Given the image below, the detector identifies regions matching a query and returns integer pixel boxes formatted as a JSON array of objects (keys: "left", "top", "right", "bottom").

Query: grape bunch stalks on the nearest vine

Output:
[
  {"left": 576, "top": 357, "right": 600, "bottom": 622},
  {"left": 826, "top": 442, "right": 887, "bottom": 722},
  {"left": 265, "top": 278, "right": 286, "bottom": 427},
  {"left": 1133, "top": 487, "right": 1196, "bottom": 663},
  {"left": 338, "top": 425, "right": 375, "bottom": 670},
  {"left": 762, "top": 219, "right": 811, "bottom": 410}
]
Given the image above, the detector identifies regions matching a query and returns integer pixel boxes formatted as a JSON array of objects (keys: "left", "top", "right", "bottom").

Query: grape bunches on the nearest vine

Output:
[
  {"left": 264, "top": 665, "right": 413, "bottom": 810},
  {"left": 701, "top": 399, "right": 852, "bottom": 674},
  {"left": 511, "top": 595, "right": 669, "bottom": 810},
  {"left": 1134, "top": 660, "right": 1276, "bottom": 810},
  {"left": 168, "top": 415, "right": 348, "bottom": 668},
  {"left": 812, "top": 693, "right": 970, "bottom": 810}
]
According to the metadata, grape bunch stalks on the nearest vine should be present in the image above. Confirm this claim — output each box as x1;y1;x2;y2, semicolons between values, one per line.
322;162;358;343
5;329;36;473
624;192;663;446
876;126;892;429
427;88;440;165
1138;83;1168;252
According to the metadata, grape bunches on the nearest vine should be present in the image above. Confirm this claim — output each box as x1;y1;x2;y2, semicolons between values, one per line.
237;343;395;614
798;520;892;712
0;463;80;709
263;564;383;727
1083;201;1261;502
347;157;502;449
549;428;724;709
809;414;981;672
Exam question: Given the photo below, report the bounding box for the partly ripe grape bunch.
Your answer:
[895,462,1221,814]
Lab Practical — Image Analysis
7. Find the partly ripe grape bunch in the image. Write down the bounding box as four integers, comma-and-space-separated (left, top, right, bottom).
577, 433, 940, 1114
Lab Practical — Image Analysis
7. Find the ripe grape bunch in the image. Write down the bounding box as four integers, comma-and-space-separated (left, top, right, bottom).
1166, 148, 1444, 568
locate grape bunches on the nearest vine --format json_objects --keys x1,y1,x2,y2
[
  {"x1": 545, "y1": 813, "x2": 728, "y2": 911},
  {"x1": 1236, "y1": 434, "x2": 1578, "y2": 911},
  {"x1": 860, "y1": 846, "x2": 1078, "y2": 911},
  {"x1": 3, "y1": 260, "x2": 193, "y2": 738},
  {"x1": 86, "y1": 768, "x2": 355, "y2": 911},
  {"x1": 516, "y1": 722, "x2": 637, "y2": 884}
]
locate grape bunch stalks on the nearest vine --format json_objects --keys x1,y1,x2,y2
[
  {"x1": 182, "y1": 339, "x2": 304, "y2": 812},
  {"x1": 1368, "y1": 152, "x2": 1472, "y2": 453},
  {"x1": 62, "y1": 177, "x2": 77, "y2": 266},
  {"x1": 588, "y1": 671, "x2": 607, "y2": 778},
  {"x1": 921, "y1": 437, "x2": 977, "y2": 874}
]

========

> [WORK REQUEST]: Check each line above for the word "regions", then give only the number of lines that have it.

> [RESPONSE TO THIS EXERCISE]: 2